Certainly one could add a .readonly field or some such to storage data
items, or even fully fledged ACL APIs, but I don't think that should
be available in a first version, and I'm not sure it's really useful
in later versions 

Re: [whatwg] Persistent storage is critically flawed.

2006-08-28 Thread Jim Ley

On 28/08/06, Shannon Baker [EMAIL PROTECTED] wrote:

I accept tracking is inevitable but we
shouldn't be making it easier either.


You have to remember that the WHAT-WG individual is a Google employee,
a company that now relies on accurate tracking of details, so don't be
surprised that any proposal makes tracking easier and harder to
circumvent.

It's probably a design requirement, of course like all WHAT-WG stuff,
there is no explanation of the problems that are attempting to be
solved with any of the stuff, so it's impossible to really know.

Jim.


Re: [whatwg] Persistent storage is critically flawed.

2006-08-28 Thread Martijn

On 8/28/06, Jim Ley [EMAIL PROTECTED] wrote:

On 28/08/06, Shannon Baker [EMAIL PROTECTED] wrote:
 I accept tracking is inevitable but we
 shouldn't be making it easier either.

You have to remember that the WHAT-WG individual is a Google employee,
a company that now relies on accurate tracking of details, so don't be
surprised that any proposal makes tracking easier and harder to
circumvent.


Well, if the WHAT-WG individual wasn't a Google employee, but an
employee from Microsoft or Mozilla or Opera or any random government,
would that change the above text? I don't think so. So I don't think
that text is implying much, otherwise than there aren't very much
'neutral' organizations involved in writing specifications for the
web.


It's probably a design requirement, of course like all WHAT-WG stuff,
there is no explanation of the problems that are attempting to be
solved with any of the stuff, so it's impossible to really know.


From:
http://www.whatwg.org/specs/web-apps/current-work/#introduction2

The first is designed for scenarios where the user is carrying out a
single transaction, but could be carrying out multiple transactions in
different windows at the same time.

Cookies don't really handle this case well. For example, a user could
be buying plane tickets in two different windows, using the same site.
If the site used cookies to keep track of which ticket the user was
buying, then as the user clicked from page to page in both windows,
the ticket currently being purchased would leak from one window to
the other, potentially causing the user to buy two tickets for the
same flight without really noticing.


and:

The second storage mechanism is designed for storage that spans
multiple windows, and lasts beyond the current session. In particular,
Web applications may wish to store megabytes of user data, such as
entire user-authored documents or a user's mailbox, on the clientside
for performance reasons.

Again, cookies do not handle this case well, because they are
transmitted with every request.


That seem to me two use cases of  problems that are attempting to be
solved, not?

Regards,
Martijn


Jim.



Re: [whatwg] Persistent storage is critically flawed.

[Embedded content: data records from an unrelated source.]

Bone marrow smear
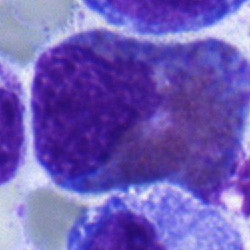 Morphological class — eosinophilic granulocyte.
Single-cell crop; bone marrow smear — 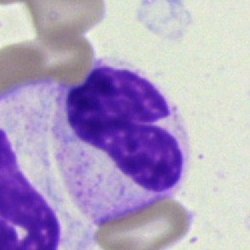

Polymorphonuclear neutrophil.
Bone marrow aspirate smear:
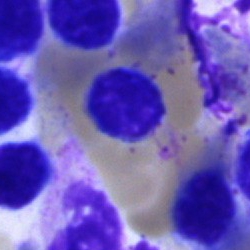

Morphology — artefact.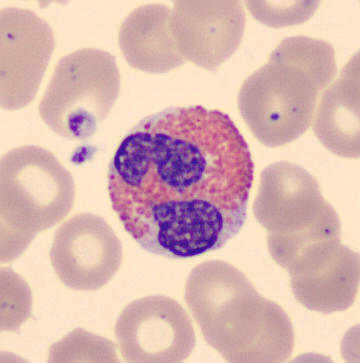 The cell type is eosinophil.

2006-08-28 Thread Ian Hickson
On Mon, 28 Aug 2006, Shannon Baker wrote:
  
  This is mentioned in the Security and privacy section; the third 
  bullet point here for example suggests blocking access to public 
  storage areas:
  
http://whatwg.org/specs/web-apps/current-work/#user-tracking
 
 I did read the suggestions and I know the authors have given these 
 issues thought. However, my concern is that the solutions are all 
 'suggestions' rather than rules. I believe the standard should be more 
 definitive to eliminate the potential for browser inconsistencies.

The problem is that the solution is to use a list that doesn't exist yet. 
If the list existed and was firmly established and proved usable, then we 
could require its use, but since it is still being developed (by the 
people trying to implement the Storage APIs), we can't really require it.

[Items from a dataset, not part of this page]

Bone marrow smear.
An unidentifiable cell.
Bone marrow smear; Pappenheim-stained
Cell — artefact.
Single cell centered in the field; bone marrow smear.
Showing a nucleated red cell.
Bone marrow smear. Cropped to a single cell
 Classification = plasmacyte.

  Basically, for the few cases where an author doesn't control his 
  subdomain space, he should be careful. But this goes without saying. 
  The same requirement (that authors be responsible) applies to all Web 
  technologies, for example CGI script authors must be careful not to 
  allow SQL injection attacks, must check Referer headers, must ensure 
  POST/GET requests are handled appropriately, and so forth.
 
 As I pointed out this only gives control to the parent domain, not the 
 child without regard for the real-world political relationship between 
 the two. Also the implication here is that the 'parent' domain is more 
 trustworthy and important than the child - that it should always be able 
 to read a subdomains private user data. The spec doesn't give the 
 developer a chance to be responsible when it hands out user data to 
 anybody in the domain hierarchy without regard for whether they are a 
 single, trusted entity or not. Don't blame the programmer when the spec 
 dictates who can read and write the data with no regard for the authors 
 preferences. CGI scripts generally do not have this limitation so your 
 analogy is irrelevant.

It seems that what you are suggesting is that foo.example.com cannot trust 
example.com, because example.com could then steal data from 
foo.example.com. But there's a much simpler attack scenario for 
example.com: it can just take over foo.example.com directly. For example, 
it could insert new HTML code containing script tags (which is exactly 
what geocities.com does today, for example!), or it could change the DNS 
entries (which is what, e.g., dyndns.org could do).

There is an implicit trust relationship here already. There is no point 
making the storage APIs more secure than the DNS and Web servers they rely 
on. That would be like putting a $500 padlock on a paper screen.


  Indeed; users are geocities.com shouldn't be using this service, and 
  geocities themselves should put their data (if any) in a private 
  subdomain space.

 Geocities and other free-hosting sites generally have a low server-side 
 storage allowance. This means these sites have a _greater_ need for 
 persistent storage than 'real' domains.

They can use it if they want. It just won't be secure. This is true 
regardless of how we design the API, since the Web server can insert 
arbitary content into their site.


  It doesn't. The solution for mysite.geocities.com is to get their own 
  domain.

 That's a bit presumptuous. In fact it's downright offensive. The user 
 may have valid reasons for not buying a domain. Is it the whatcg's role 
 to dictate hosting requirements in a web standard?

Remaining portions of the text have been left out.